Diez años después vemos el balón
nuevamente en el aire, y a la Sra. Ohzora gritando "¡Tsubasa!"
a un niño que con polo, short y chimpunes sale
de la casa a la que recién se están mudando,
mientras ella y los de la mudanza descargan las cosas
del camión. La Sra. Ohzora, con una caja en sus
manos, sólo alcanza a ver que sale corriendo
con su balón para perderse de vista tras voltear
la esquina. La madre, enojada al principio, se calma
mientras recuerda el día en que su niño
estaba a punto de ser atropellado: si se salvó
fue porque se aferró al balón, el cual
recibió todo el impacto, y el niño cayó
ileso a un lado de la acera sin soltar para nada su
pelota. La señora Ohzora, al verlo ahora saludable
y fuerte, concluye que definitivamente su hijo nació
para el fútbol. Contento de estar en un nuevo
distrito, Tsubasa llega con su balón a un campo
de fútbol, donde escucha a unas niñas
hablar de la rivalidad entre los colegios locales Nankatsu
y Shutetsu por ver quién se queda como dueño
de la cancha. Tsubasa se queda por curiosidad, y escucha
a un chico más alto que él, llamado Wakabayashi,
líder del Shutetsu, retar a los del Nankatsu.
El reto consiste en que a menos que lo derroten haciéndole
un gol con cualquier tipo de bola, el campo será
sólo del Shutetsu, y el Nankatsu no tendrá
derecho a poner un solo pie en dicho terreno. Wakabayashi
se pone en el arco y espera, los del Nankatsu, liderados
por Ryou Ishizaki, aceptan. Entonces uno de rugby es
el primero en probar, pero a pesar de patear con toda
su fuerza, ve con desilusión cómo el balón
es rechazado con las justas por una patada del guardameta.
Viene luego el representante del handball (balonmano),
quien tras arrojar la bola hacia el arco, ve al arquero
atraparla con ambas manos en un salto seguro, cayendo
a su vez la bandana de la frente del asombrado jugador
de balonmano. Tsubasa observa asombrado cómo
ahora viene un jugador de béisbol para retar
al insolente portero, quien simplemente sonríe
en son de burla. Todo el Nankatsu anima al lanzador
a que lance su bola, pero al hacerlo el asombro es aun
mayor que antes, pues ven a su oponente atrapando la
bola con su mano izquierda sin apenas moverse. Sin que
a los del Nankatsu les queden más dudas sobre
la superioridad del retador, éstos simplemente
se baten en retirada, quedando sólo Ryou Ishizaki.

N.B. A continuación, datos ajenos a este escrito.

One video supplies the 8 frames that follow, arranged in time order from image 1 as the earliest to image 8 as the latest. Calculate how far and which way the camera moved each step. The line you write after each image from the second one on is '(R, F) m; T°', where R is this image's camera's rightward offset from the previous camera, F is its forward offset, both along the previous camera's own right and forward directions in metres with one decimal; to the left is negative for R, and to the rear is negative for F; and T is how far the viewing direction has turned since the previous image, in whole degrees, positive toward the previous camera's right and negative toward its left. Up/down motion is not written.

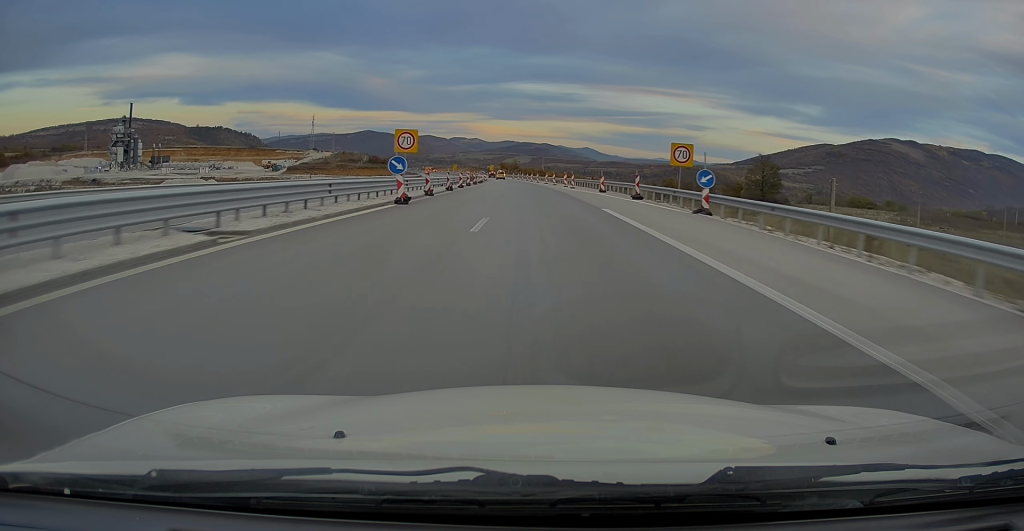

Entonces Tsubasa se le acerca y le dice que él
sí puede vencer al invencible arquero. Después
de lo que ha sido testigo, Ryou no le cree, sorprendiéndose
de la seguridad del recién llegado, cuyo nombre
desconoce. Entonces le muestra una enorme mansión
desde lo alto de una colina, y le dice que ésa
es la casa del portero, al cual un pequeñín
como él nunca va a poder superar. Pero luego
se da cuenta que Tsubasa no sólo no lo escucha,
sino que va a tratar de hacer que, a pesar de la enorme
distancia, la bola llegue de una patada a la mansión.